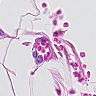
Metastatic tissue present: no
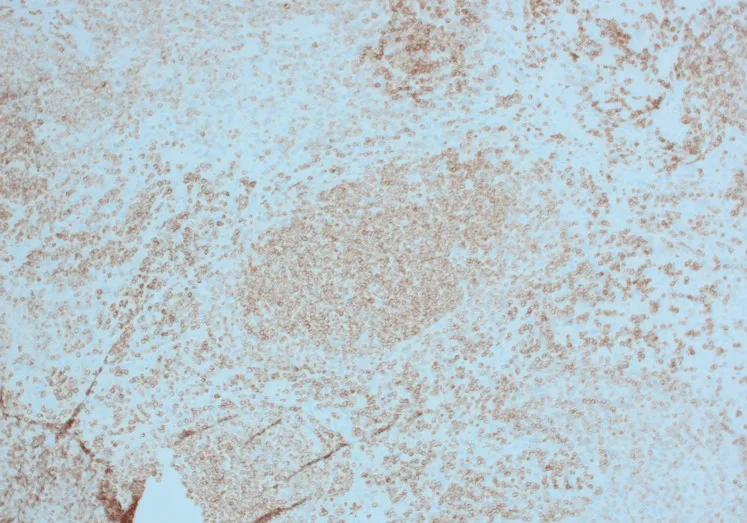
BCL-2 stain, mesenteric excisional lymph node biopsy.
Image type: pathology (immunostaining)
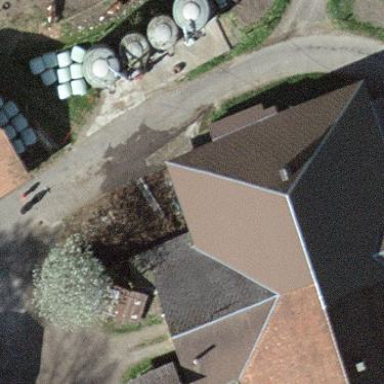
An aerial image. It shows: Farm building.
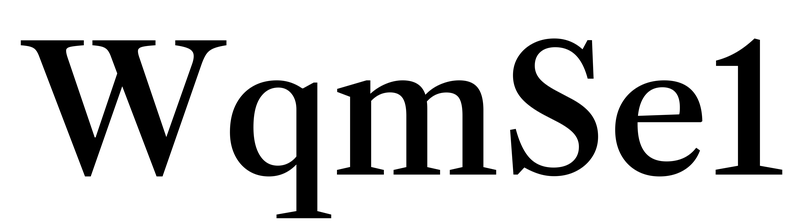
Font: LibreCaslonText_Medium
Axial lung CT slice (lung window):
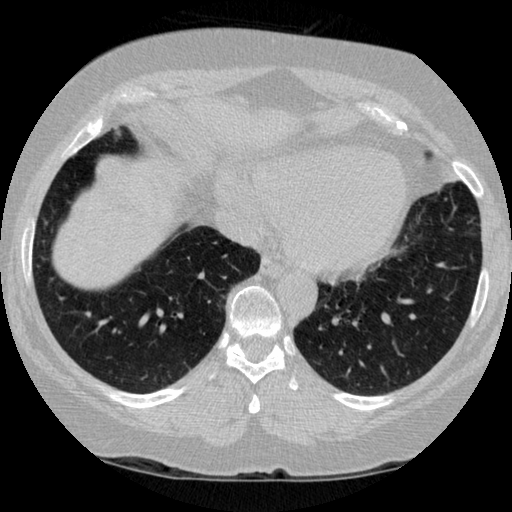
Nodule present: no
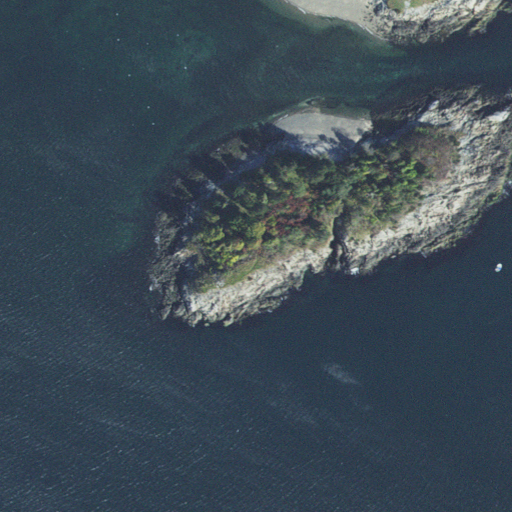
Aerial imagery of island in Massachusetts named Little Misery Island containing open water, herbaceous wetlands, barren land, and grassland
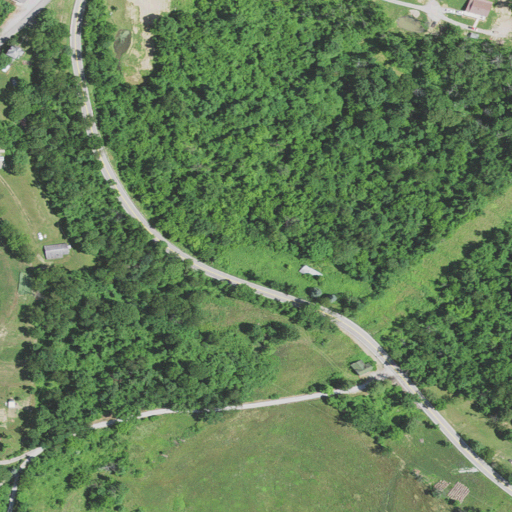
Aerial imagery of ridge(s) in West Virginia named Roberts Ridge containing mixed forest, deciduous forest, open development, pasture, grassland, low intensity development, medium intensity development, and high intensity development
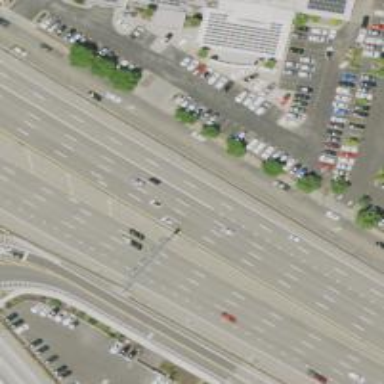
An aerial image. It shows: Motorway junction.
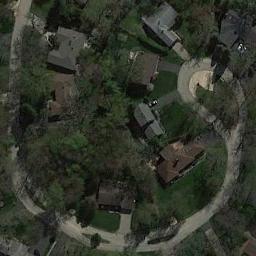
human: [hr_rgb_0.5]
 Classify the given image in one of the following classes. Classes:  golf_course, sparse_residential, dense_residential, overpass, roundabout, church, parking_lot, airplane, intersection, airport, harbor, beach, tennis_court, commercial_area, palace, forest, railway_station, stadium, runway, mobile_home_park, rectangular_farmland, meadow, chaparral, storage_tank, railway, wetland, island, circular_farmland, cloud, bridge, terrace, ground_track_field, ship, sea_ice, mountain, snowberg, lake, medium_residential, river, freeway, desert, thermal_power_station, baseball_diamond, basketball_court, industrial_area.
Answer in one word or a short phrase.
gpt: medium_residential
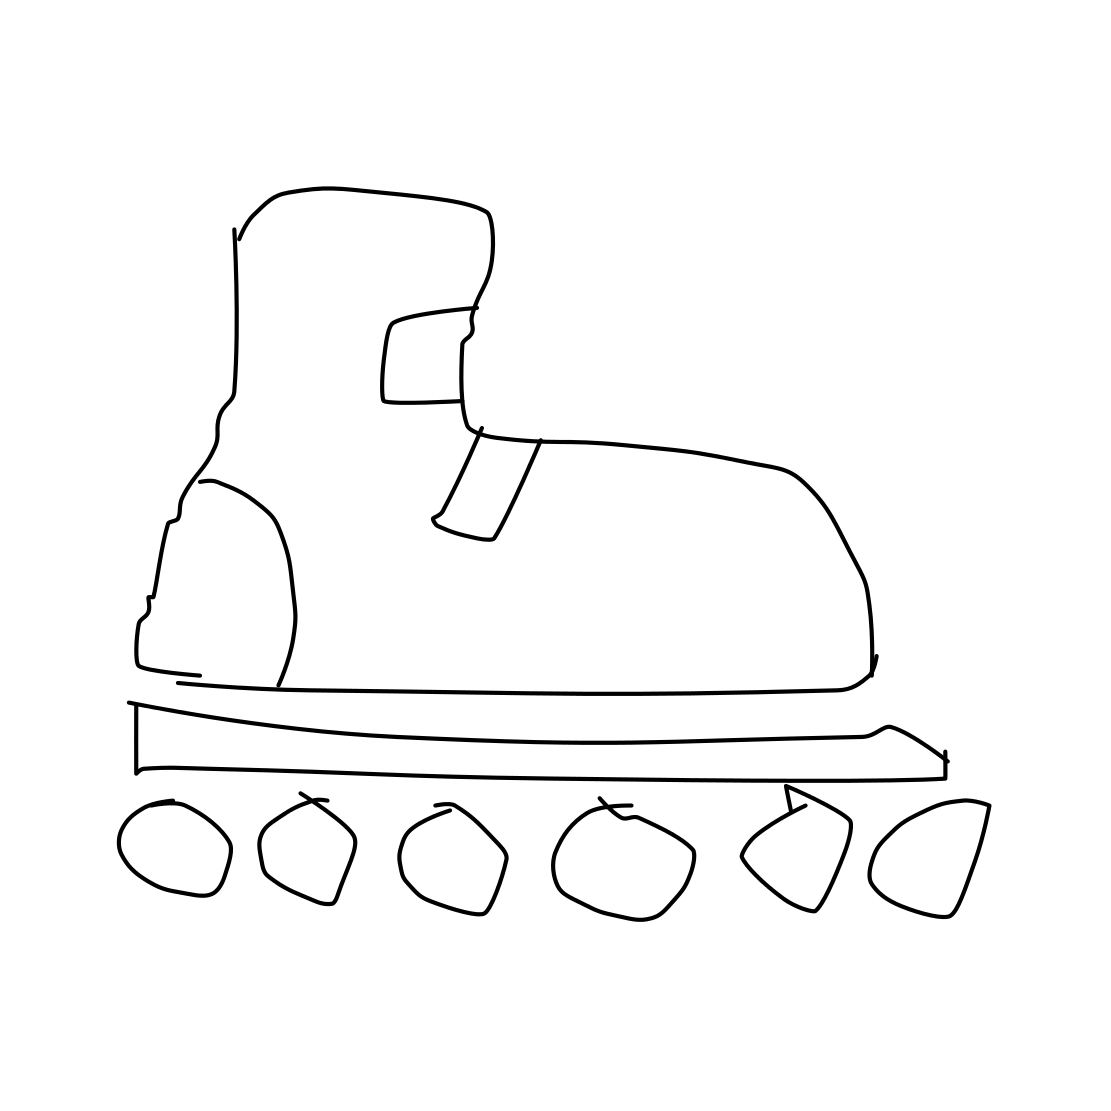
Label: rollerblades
---
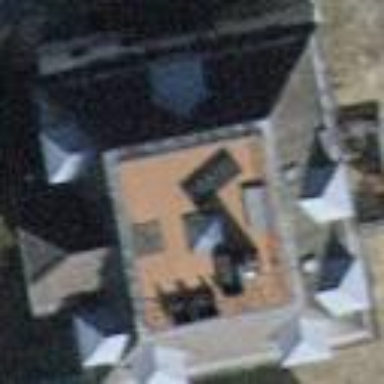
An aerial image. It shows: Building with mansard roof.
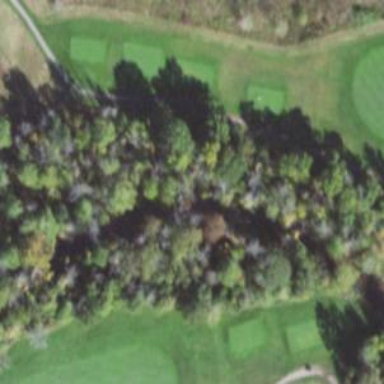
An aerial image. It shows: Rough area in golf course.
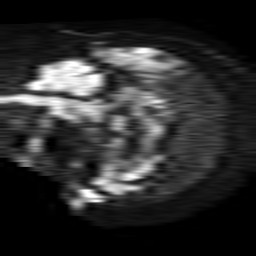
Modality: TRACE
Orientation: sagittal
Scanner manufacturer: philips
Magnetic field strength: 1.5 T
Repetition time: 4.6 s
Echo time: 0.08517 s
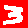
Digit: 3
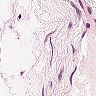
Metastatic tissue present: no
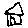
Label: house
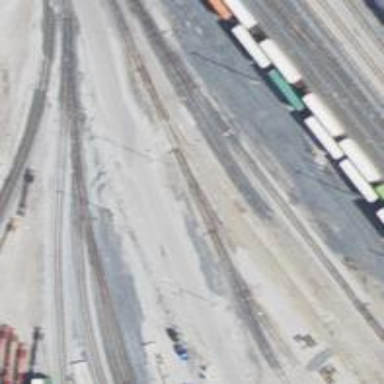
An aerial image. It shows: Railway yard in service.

▶ [Task objective]:
Search the material for the word "forest" and copy each line where it occurs.

▶ [Exercise response]:
Aerial imagery of ridge(s) in West Virginia named Roberts Ridge containing mixed forest, deciduous forest, open development, pasture, grassland, low intensity development, medium intensity development, and high intensity development
 Classify the given image in one of the following classes. Classes:  golf_course, sparse_residential, dense_residential, overpass, roundabout, church, parking_lot, airplane, intersection, airport, harbor, beach, tennis_court, commercial_area, palace, forest, railway_station, stadium, runway, mobile_home_park, rectangular_farmland, meadow, chaparral, storage_tank, railway, wetland, island, circular_farmland, cloud, bridge, terrace, ground_track_field, ship, sea_ice, mountain, snowberg, lake, medium_residential, river, freeway, desert, thermal_power_station, baseball_diamond, basketball_court, industrial_area.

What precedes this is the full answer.